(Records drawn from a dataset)

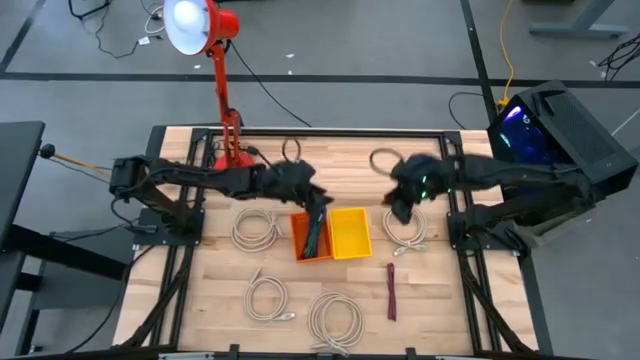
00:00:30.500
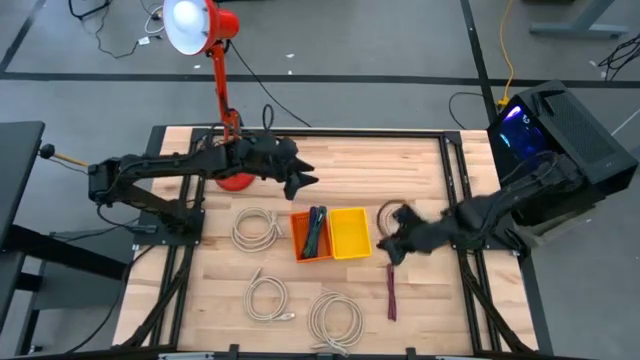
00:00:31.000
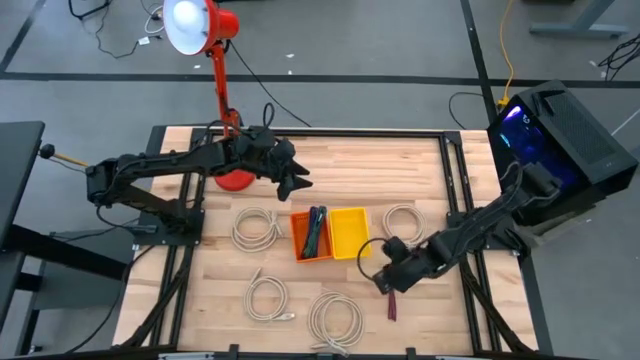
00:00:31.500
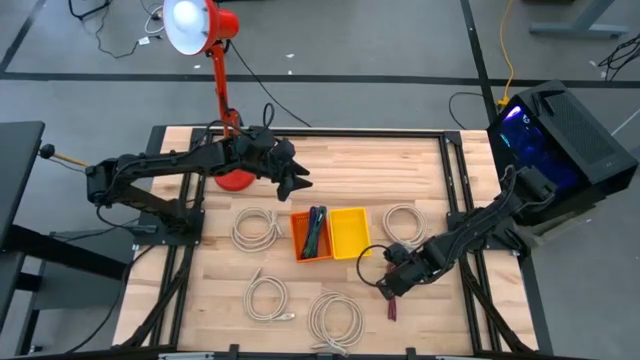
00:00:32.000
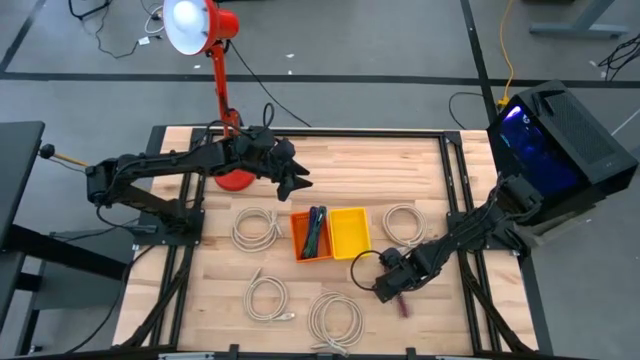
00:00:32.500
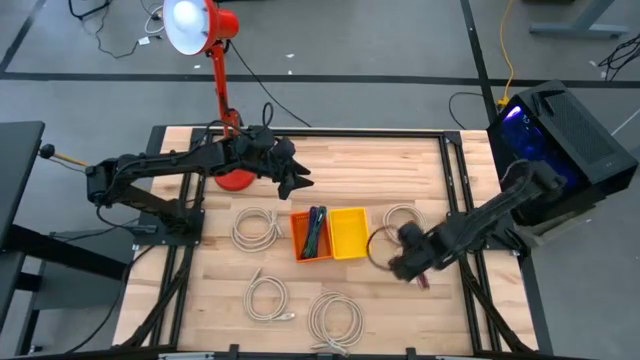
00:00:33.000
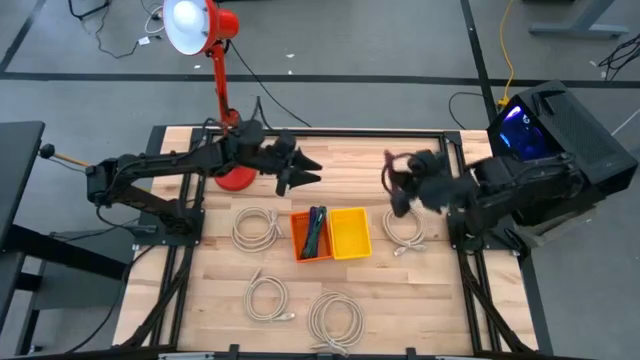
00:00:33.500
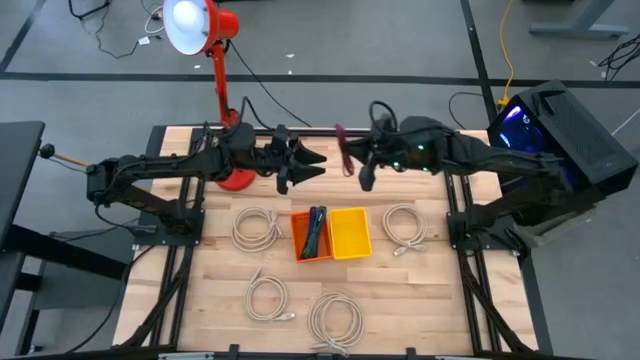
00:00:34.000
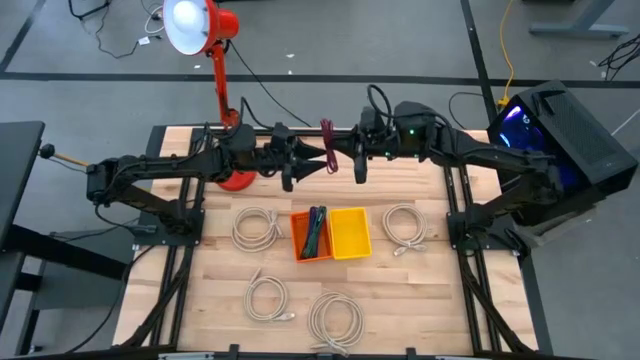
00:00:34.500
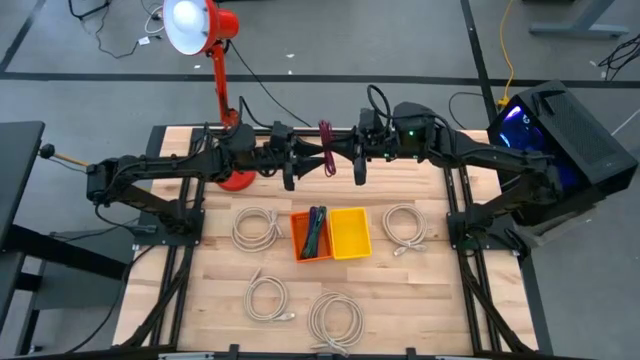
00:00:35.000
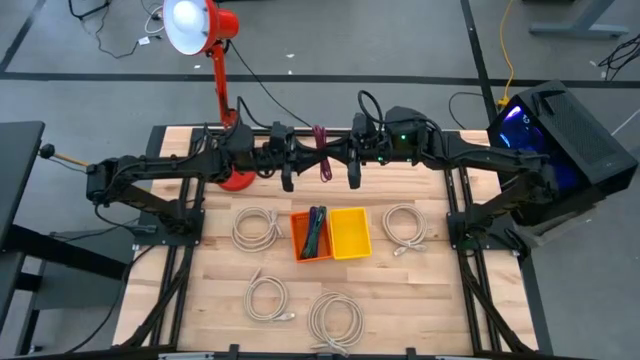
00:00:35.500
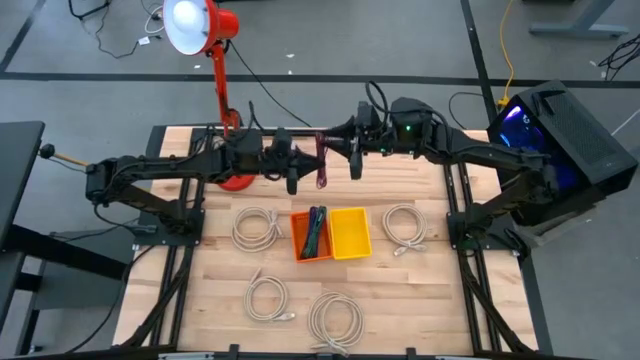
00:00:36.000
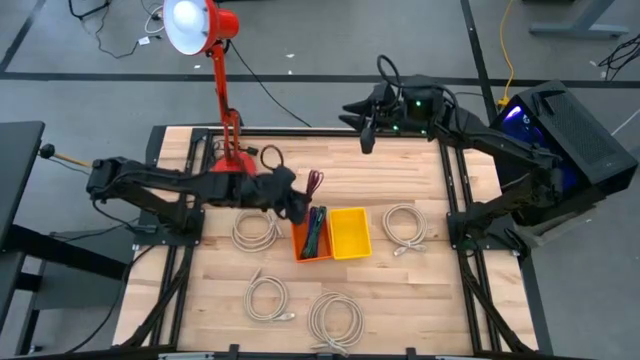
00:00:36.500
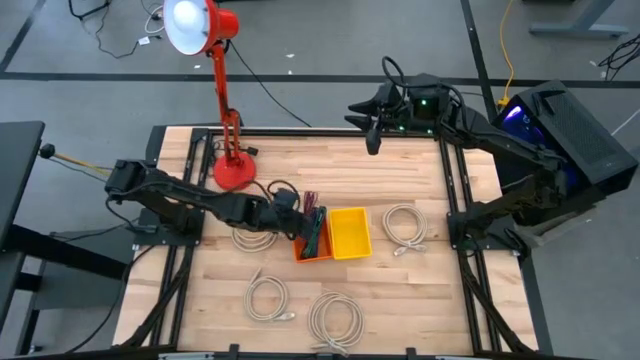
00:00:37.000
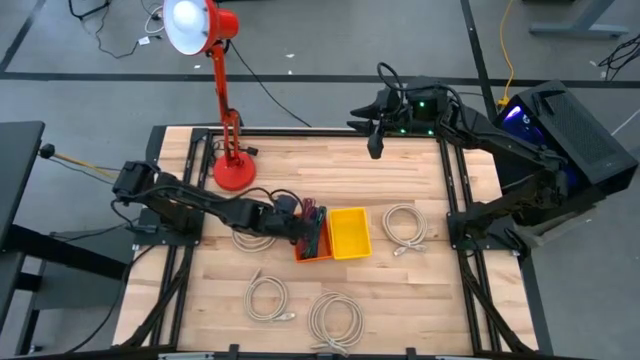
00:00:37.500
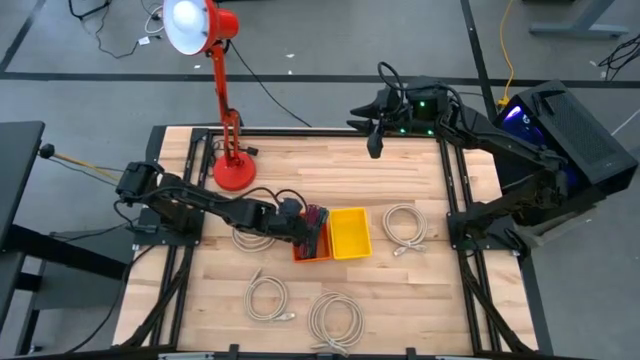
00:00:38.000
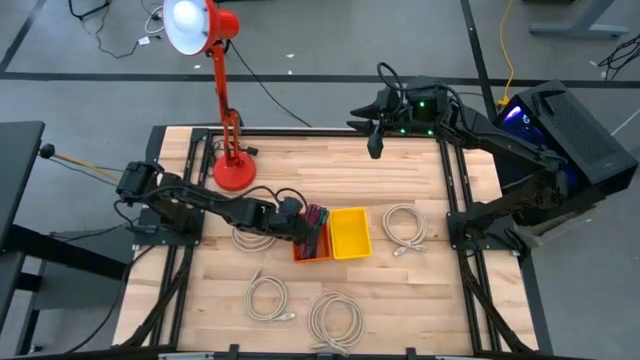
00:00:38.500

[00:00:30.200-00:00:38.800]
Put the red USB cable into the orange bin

• WHAT IS NEEDED
Pictures are not part of the copy. Extract exactly the lines from the line containing "00:00:35.000" through the final line of the entries above, both included.

• ANSWER
00:00:35.000
00:00:35.500
00:00:36.000
00:00:36.500
00:00:37.000
00:00:37.500
00:00:38.000
00:00:38.500

[00:00:30.200-00:00:38.800]
Put the red USB cable into the orange bin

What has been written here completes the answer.